SUM(DISTINCT) Based on Other Columns

SUM(DISTINCT) Based on Other Columns - mysql

I currently have a table that looks something like this:
+------+-------+------------+------------+
| id | rate | first_name | last_name |
+------+-------+------------+------------+
What I need to do is get the SUM of the rate column, but only once for each name. For example, I have three rows of name John Doe, each with rate 8. I need the SUM of those rows to be 8, not 24, so it counts the rate once for each group of names.
SUM(DISTINCT last_name, first_name) would not work, of course, because I'm trying to sum the rate column, not the names. I know when counting individual records, I can use COUNT(DISTINCT last_name, first_name), and that is the type of behavior I am trying to get from SUM.
How can I get just SUM one rate for each name?
Thanks in advance!

select sum (rate)
from yourTable
group by first_name, last_name
Edit
If you want to get all sum of those little "sums", you will get a sum of all table..
Select sum(rate) from YourTable
but, if for some reason are differents (if you use a where, for example)
and you need a sum for that select above, just do.
select sum(SumGrouped) from
( select sum (rate) as 'SumGrouped'
from yourTable
group by first_name, last_name) T1

David said he found his answer as such:
SELECT SUM(rate) FROM (SELECT * FROM records GROUP BY last_name, first_name) T1
But when you do the GROUP BY in the inner query, I think you have to use aggregate functions in your SELECT. So, I think the answer is more like:
SELECT SUM(rate) FROM (SELECT MAX(rate) AS rate FROM records GROUP BY last_name, first_name) T1
I picked MAX() to pick only one "rate" for a "last_name, first_name" combination but MIN() should work the same, assuming that the "last_name, first_name" always leads us to the same "rate" even when it happens multiple times in the table. This seems to be David's original assumption - that for a unique name we want to grab the rate only once because we know it will be the same.

You can do this by making the values you are summing distinct. This is possible but is very very ugly.
First, you can turn a string into a number by taking a hash. The SQL below does an MD5 hash of the first and last name, which returns 32 hexadecimal digits.
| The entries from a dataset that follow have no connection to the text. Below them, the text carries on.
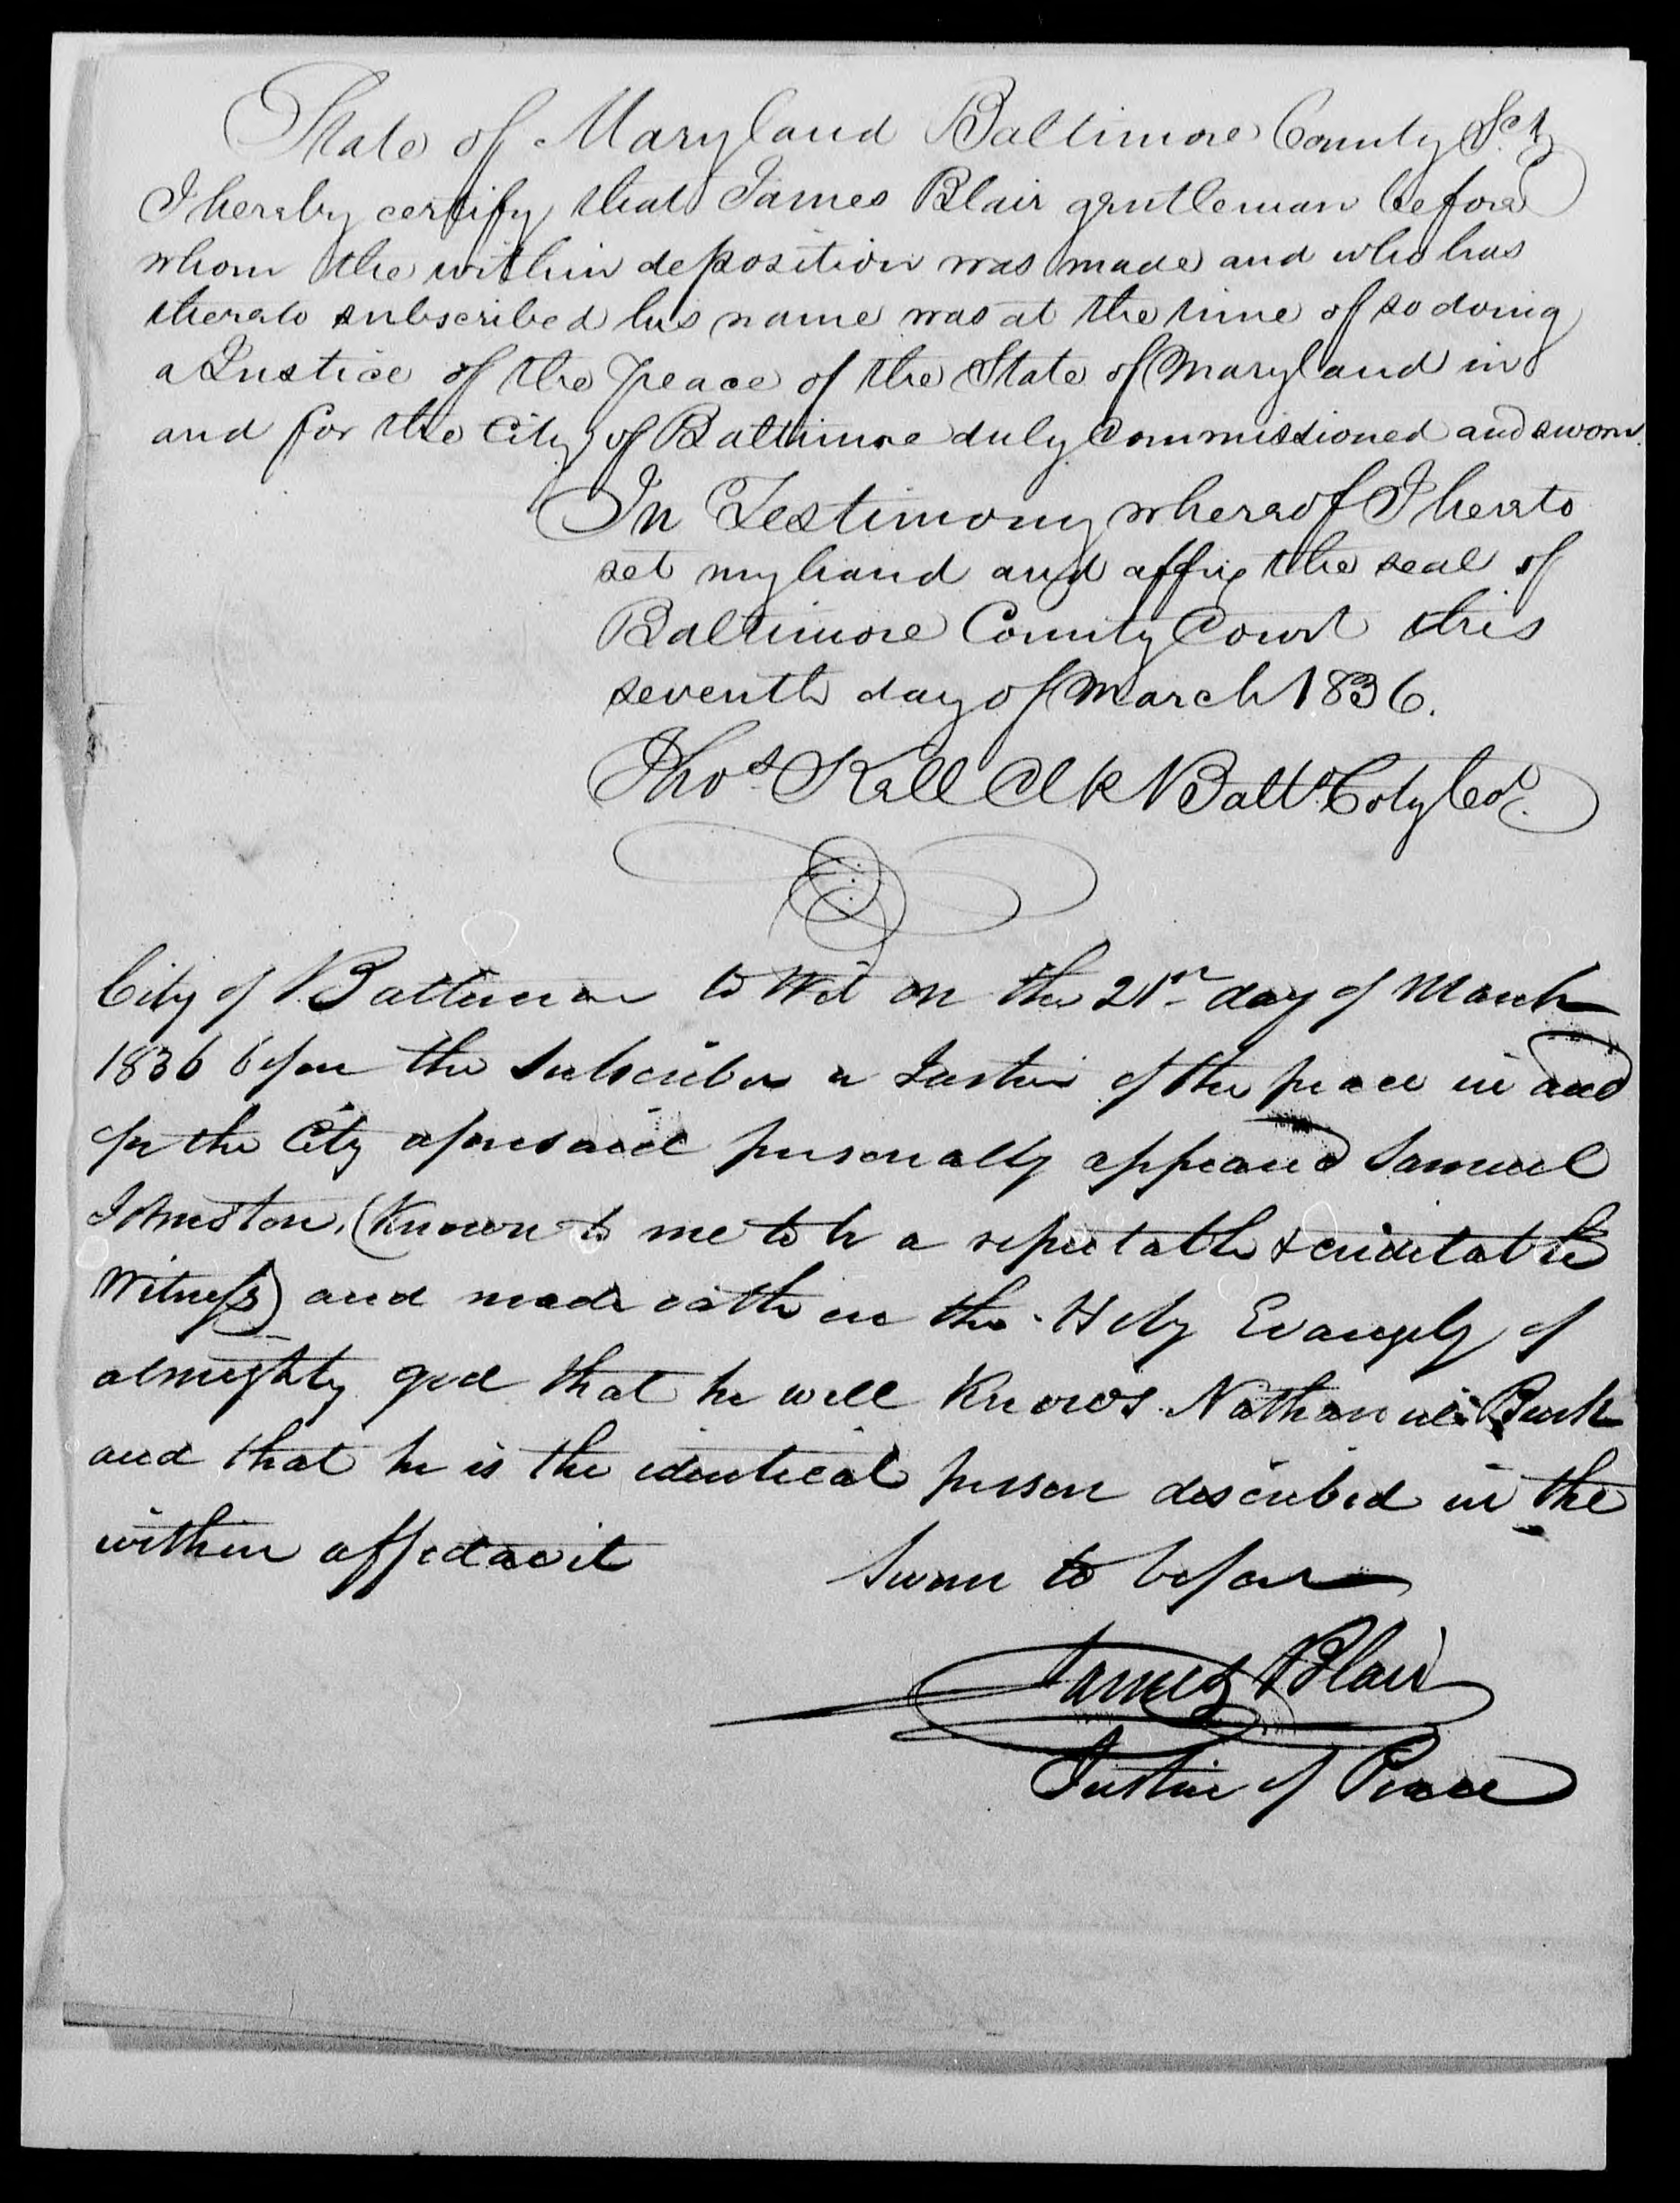State of Maryland Baltimore County Sch
I hereby certify that James Blair gentleman before whom the within deposition was made and who has
thereto subscribed his name was at the time of so doing a Justice of the peace of the State of Maryland in
and for the City of Baltimore duly commissioned and sworn.
In Testimony whereas of I hereto
set my hand and affix the seal of
Baltimore County Court this
seventh day of March 1836
Thos Kell Clk Balt Coty [Colyled?]
[elaborate hand drawn signat]
City of Baltimore to wit on the 21st day of March
1836 before the Subscriber & Justice of the peace in and for the City aforesaid personally appeared Samuel
Johnson, (known to me to be a respectable & creditable witness) and made oath in the Holy Evangely of almighty god that he well knows Nathaniel Burk
and that he is the identical person described in the
within affidavit
Sworn to before
James Blair
Justice of Peace

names: James Blair, Samuel Johnston, Thos Kell, Nathaniel Burk, James Blair
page: 15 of 20
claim: survivor's
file: S. 34674, Nathan Burk, Md.

SUBSTRING takes the first 8 of these, and CONV turns that into a 10 digit number (it's theoretically possible this won't be unique):
CONV(SUBSTRING(MD5(CONCAT(first_name,last_name)), 1, 8), 16, 10)
Then you divide that by a very big number and add it to the rate. You'll end up with a rate like 8.0000019351087950. You have to use FORMAT to avoid MySQL truncating the decimal places. This rate will now be unique for each first name and last name.
FORMAT(rate + CONV(SUBSTRING(MD5(CONCAT(first_name,last_name)), 1, 8), 16, 10)/1000000000000000, 16)
And then if you do the SUM DISTINCT over that it will only count the 8 once. Then you need to FLOOR the result to get rid of the extra decimal places:
FLOOR(SUM(DISTINCT FORMAT(rate + CONV(SUBSTRING(MD5(CONCAT(first_name,last_name)), 1, 8), 16, 10)/1000000000000000, 16)))
I found this approach while doing a much more complicated query which joined and grouped several tables. I'm still not sure if I'll use it as it is pretty horrible, but it does work. It's also 6 years too late to be of any use to the person who answered the question.

SELECT SUM(rate)
FROM [TABLE]
GROUP BY first_name, last_name;

Recently, I came across a similar problem, but with the exception that I already had a GROUP BY clause for a different purpose. Here is an example:
SELECT r.name, SUM(r.rate), MIN(e.created_at)
FROM Rates r LEFT JOIN Events e ON r.id = e.rate_id
GROUP BY r.id
The problem here is that because of JOIN with Event SUM(r.rate) would sum duplicates for entries with multiple Events. In my case the query was a lot more complicated, so I wanted to avoid having extra subqueries. Luckily, there is an elegant solution:
SELECT r.name, SUM(r.rate) / GREATEST(COUNT(DISTINCT e.event_id), 1), MIN(e.created_at)
FROM Rates r LEFT JOIN Events e ON r.id = e.rate_id
GROUP BY r.id
GREATEST function is used to prevent division by zero for entries without any Events. If you are summing integers, you also might want to CAST the sums to INT

SELECT SUM(rate)
FROM [TABLE]
GROUP BY CONCAT_WS(' ', first_name, last_name);

You can use any of the above code sample provided since with group by clause without any aggregate function will return an indeterminate one record for each grouping condition. You can refer http://dev.mysql.com/doc/refman/5.5/en/group-by-hidden-columns.html link for further reading.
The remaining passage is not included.